ICICLE: A Model for Glaciated & Mixed Phase Icing for
Application to Aircraft Engines 2019-01-1969
High altitude ice crystals can pose a threat to aircraft engine compression and combustion systems. Cases of engine damage, surge and rollback have been recorded in recent years, believed due to ice crystals partially melting and accreting on static surfaces (stators, endwalls and ducting). The increased awareness and understanding of this phenomenon has resulted in the extension of icing certification requirements to include glaciated and mixed phase conditions. Developing semi-empirical models is a cost effective way of enabling certification, and providing simple design rules for next generation engines.
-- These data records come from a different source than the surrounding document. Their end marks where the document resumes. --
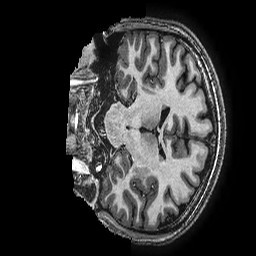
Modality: T1w
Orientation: coronal
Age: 17
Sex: female
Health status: ill
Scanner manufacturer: ge
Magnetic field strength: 3 T
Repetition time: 0.00766 s
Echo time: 0.003476 s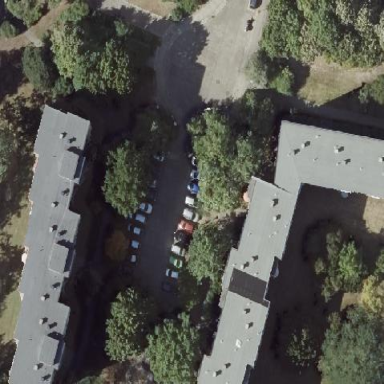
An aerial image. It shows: Parking area with surface.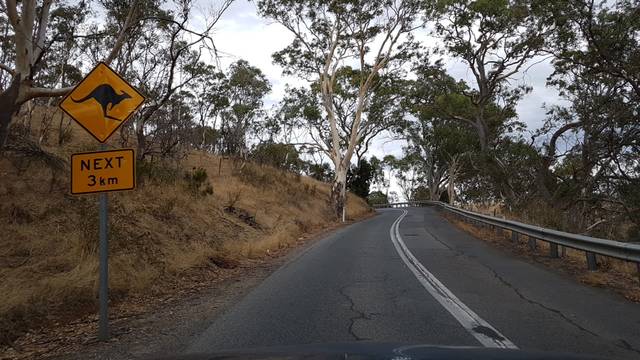
Region: Australia
Coordinates: -34.841, 138.732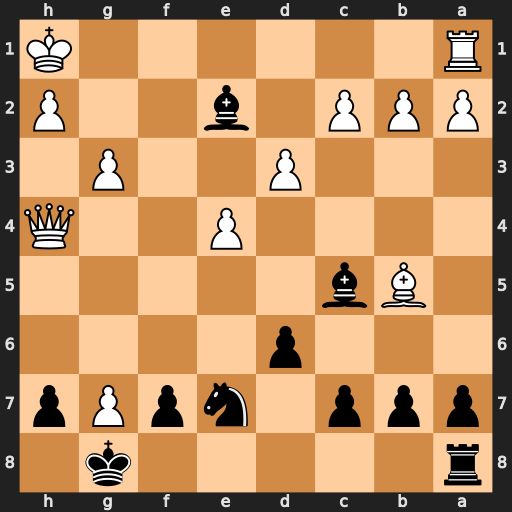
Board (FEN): r5k1/ppp1npPp/3p4/1Bb5/4P2Q/3P2P1/PPP1b2P/R6K
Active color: b
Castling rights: -
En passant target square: -
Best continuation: Bf3#
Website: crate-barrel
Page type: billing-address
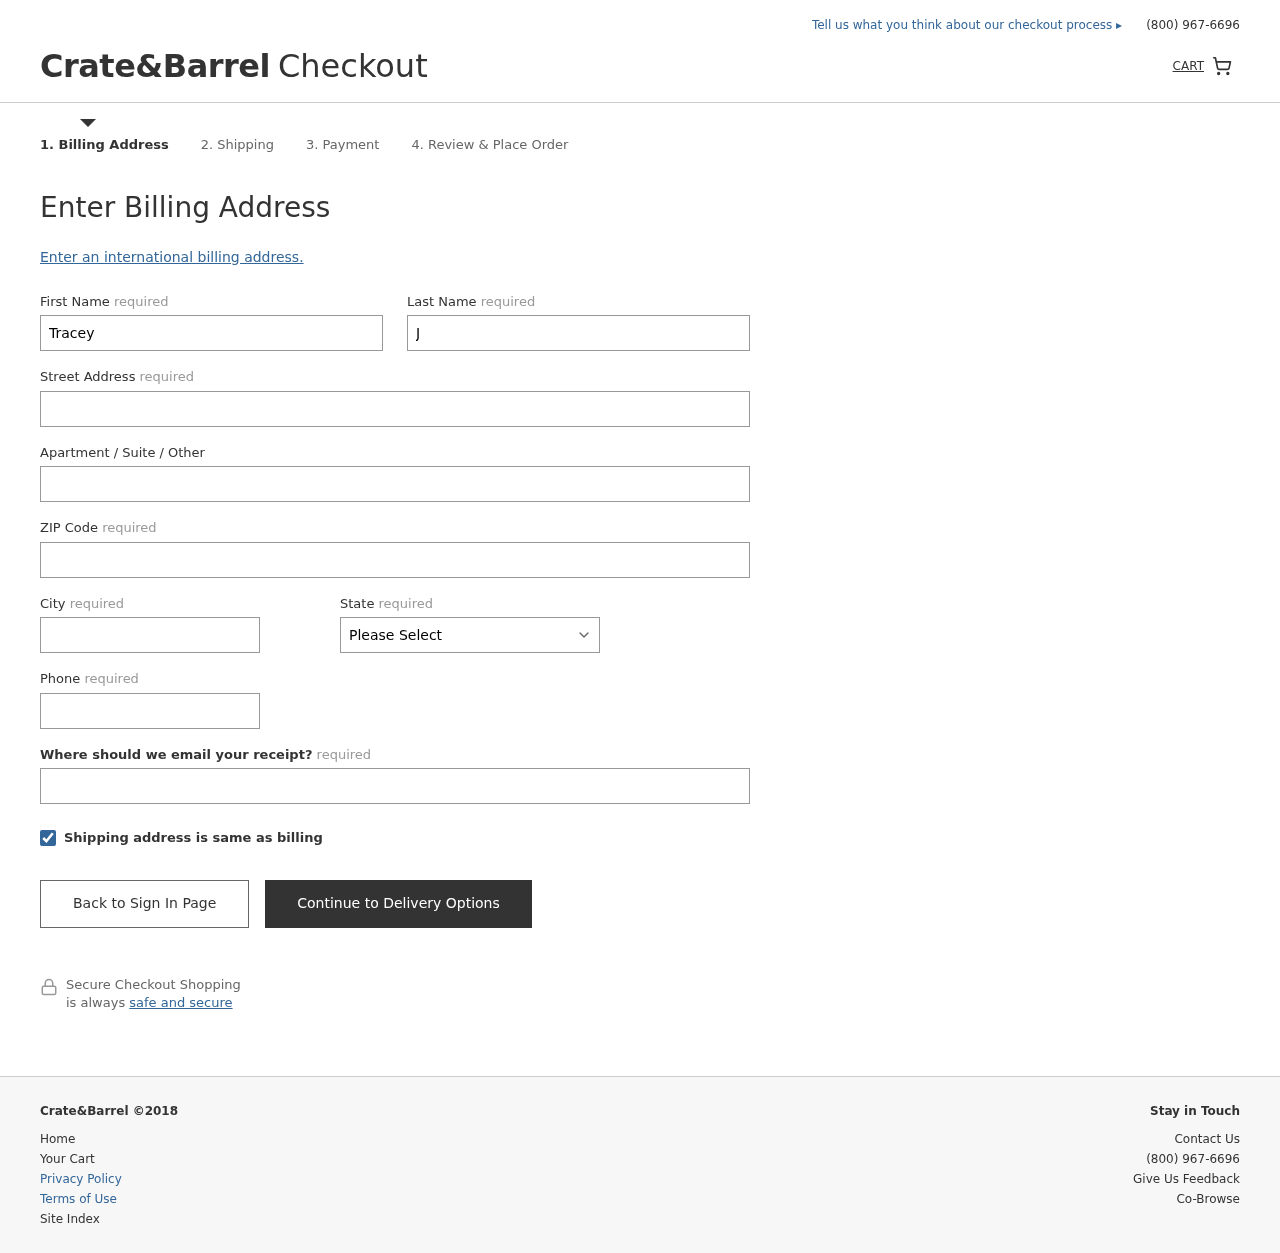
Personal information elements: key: PII_STATE
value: Colorado
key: PII_FIRSTNAME
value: Tracey
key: PII_LASTNAME
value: Jones
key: PII_STREET
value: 98947 James Bridge
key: PII_STREET2
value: Apt. 680
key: PII_POSTCODE
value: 30975
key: PII_CITY
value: Brownton
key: PII_PHONE
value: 9022200789
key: PII_EMAIL
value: tracey_jones@yahoo.com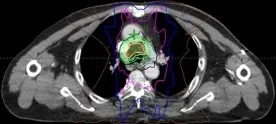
(A) Radiation field.
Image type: radiology (ct)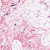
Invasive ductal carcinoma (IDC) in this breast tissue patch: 0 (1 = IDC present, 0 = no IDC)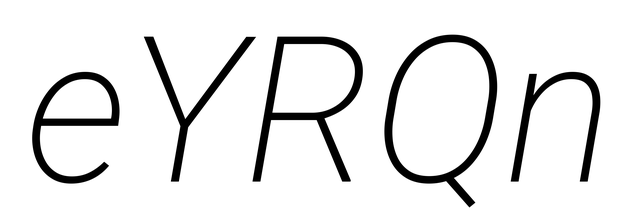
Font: Roboto-Italic_ExtraLight_Italic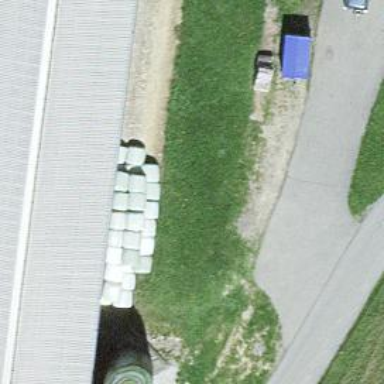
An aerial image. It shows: Farm.
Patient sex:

A new model is presented in this paper. It is modular in design, comprising a baseline code consisting of an axisymmetric or 2D planar flowfield solution, Lagrangian particle tracking, air-particle heat transfer and phase change, and surface interactions (bouncing, fragmentation, sticking). The model improves on those available in the literature in three ways: firstly, an adaptation of the Extended Messinger Model (EMM) to mixed phase conditions is incorporated, improving the fidelity of the ice accretion prediction compared with the classical Messinger model; secondly, an experimentally-derived model for sticking efficiency improves the accuracy of the continuity equation in the EMM; thirdly a simple model for integrating two-way coupling of mass and energy is proposed. Results from the model are compared to simple geometries tested in the NRC Research Altitude Test Facility.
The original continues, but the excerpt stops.